• REQUIRED WORK: Check each line of the material. Copy those containing "small".

• DATA FOR THIS TASK:
=-=-=

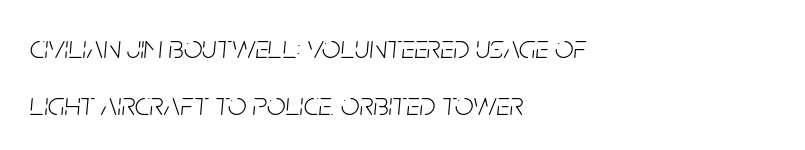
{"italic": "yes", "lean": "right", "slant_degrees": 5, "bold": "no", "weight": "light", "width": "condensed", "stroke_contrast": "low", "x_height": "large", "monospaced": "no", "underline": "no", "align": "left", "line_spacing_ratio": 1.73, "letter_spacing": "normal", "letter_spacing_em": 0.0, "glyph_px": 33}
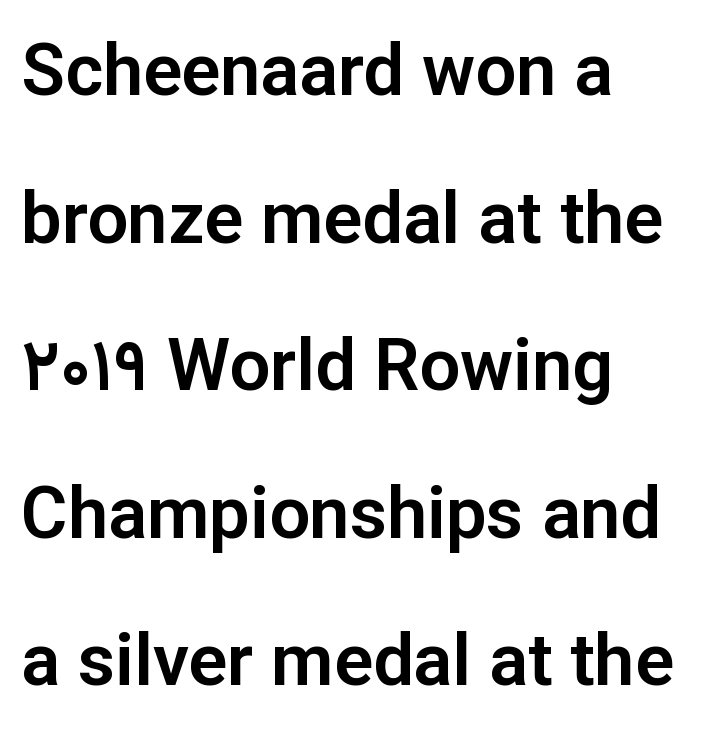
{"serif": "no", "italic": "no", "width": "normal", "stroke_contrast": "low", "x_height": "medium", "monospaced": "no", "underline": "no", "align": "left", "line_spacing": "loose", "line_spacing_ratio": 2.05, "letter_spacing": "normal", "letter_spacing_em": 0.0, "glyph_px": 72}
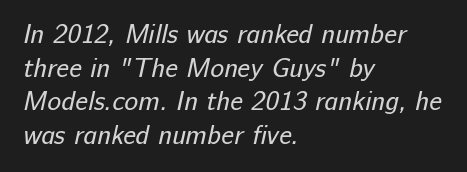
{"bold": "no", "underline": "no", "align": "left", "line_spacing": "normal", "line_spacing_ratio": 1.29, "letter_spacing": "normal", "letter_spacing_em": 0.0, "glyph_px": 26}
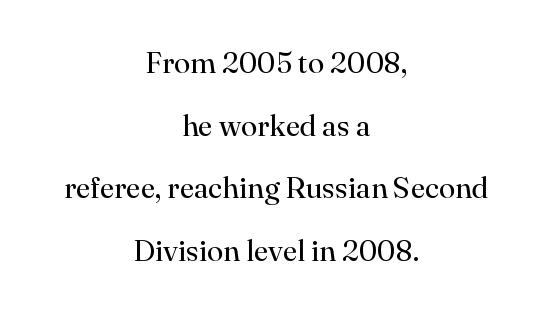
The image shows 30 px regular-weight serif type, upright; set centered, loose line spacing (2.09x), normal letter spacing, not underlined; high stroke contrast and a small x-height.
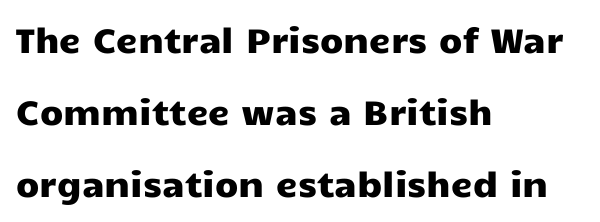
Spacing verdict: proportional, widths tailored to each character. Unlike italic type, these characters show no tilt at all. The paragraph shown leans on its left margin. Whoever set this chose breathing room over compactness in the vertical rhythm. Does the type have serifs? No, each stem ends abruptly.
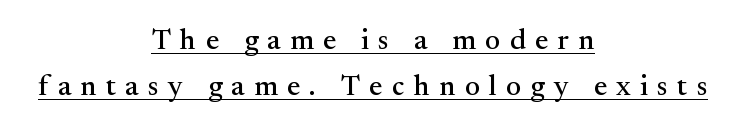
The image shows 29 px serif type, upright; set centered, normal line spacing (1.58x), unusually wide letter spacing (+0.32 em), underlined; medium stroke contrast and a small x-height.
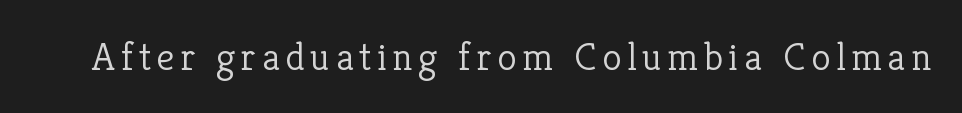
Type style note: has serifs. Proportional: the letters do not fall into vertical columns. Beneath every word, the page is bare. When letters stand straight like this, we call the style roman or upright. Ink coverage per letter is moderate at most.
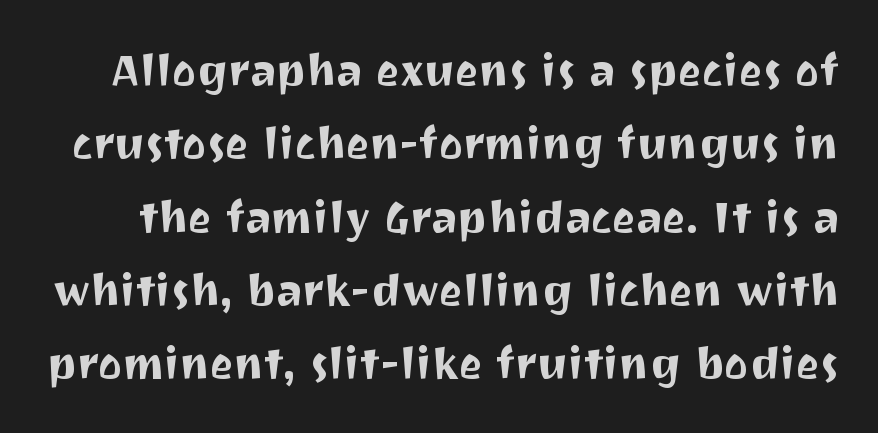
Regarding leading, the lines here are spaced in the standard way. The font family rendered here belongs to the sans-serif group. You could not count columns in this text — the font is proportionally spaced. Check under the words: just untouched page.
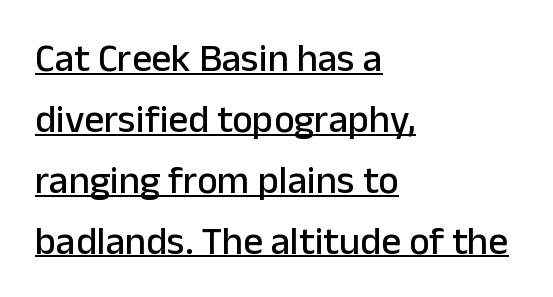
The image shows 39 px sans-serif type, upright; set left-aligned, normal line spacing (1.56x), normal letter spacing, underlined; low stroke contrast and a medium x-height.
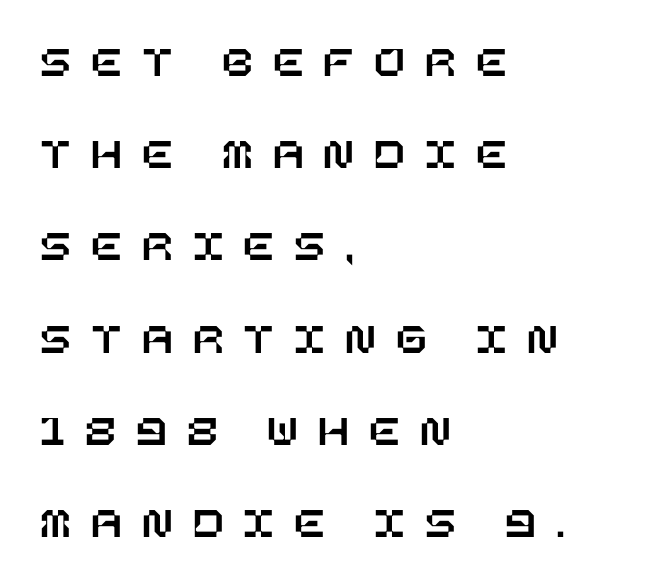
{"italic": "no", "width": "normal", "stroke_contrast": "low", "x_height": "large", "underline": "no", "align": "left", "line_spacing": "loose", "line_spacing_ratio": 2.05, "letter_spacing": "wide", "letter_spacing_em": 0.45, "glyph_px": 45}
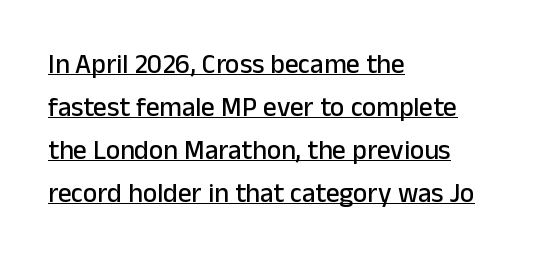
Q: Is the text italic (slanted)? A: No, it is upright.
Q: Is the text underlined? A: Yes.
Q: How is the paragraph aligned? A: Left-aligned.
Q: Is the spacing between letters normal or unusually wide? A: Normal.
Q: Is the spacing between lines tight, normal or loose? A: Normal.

=-=-=

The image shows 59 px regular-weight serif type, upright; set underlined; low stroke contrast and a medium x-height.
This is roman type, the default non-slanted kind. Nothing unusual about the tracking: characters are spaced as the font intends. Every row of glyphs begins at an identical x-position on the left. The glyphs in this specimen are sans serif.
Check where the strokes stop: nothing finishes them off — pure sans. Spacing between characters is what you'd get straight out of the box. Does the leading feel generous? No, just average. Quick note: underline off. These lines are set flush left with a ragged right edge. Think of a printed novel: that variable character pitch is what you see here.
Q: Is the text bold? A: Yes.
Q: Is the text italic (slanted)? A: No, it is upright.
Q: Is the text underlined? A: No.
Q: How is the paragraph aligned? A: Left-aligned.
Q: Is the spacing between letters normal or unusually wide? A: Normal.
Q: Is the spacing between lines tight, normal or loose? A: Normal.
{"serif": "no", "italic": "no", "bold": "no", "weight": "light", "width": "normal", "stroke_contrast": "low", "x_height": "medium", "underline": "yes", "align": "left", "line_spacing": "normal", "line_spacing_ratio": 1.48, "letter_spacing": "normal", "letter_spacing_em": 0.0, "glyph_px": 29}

=-=-=

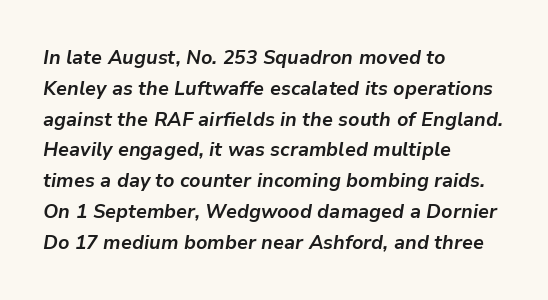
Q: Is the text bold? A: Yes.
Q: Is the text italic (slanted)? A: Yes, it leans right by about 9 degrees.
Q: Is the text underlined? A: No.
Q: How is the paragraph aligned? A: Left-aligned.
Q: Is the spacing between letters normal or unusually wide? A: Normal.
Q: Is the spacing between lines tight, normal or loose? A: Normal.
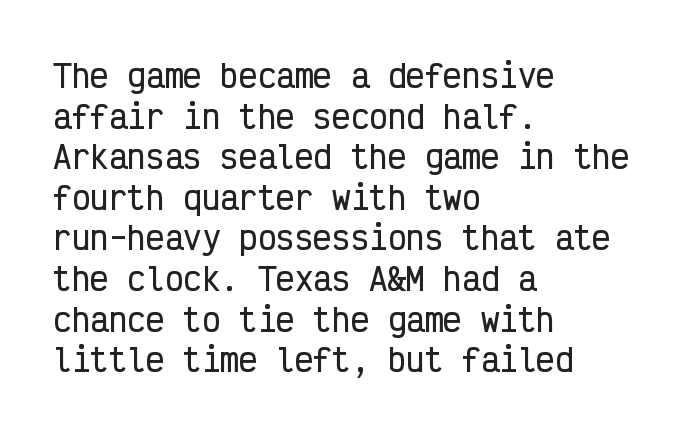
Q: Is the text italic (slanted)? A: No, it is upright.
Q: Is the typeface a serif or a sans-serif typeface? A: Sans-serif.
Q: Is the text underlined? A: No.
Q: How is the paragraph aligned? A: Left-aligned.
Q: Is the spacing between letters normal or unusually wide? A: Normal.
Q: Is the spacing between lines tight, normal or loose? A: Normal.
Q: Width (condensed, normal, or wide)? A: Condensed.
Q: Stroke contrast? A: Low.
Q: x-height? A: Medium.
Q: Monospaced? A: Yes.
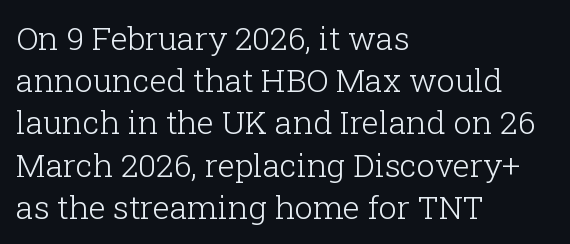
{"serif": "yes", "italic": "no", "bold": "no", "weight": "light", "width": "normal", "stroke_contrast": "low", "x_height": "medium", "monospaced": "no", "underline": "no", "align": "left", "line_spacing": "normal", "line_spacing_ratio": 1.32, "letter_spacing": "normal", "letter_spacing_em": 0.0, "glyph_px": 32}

=-=-=

• OUTPUT:
The image shows 30 px regular-weight serif type, upright; set centered, loose line spacing (2.09x), normal letter spacing, not underlined; high stroke contrast and a small x-height.
The image shows 29 px serif type, upright; set centered, normal line spacing (1.58x), unusually wide letter spacing (+0.32 em), underlined; medium stroke contrast and a small x-height.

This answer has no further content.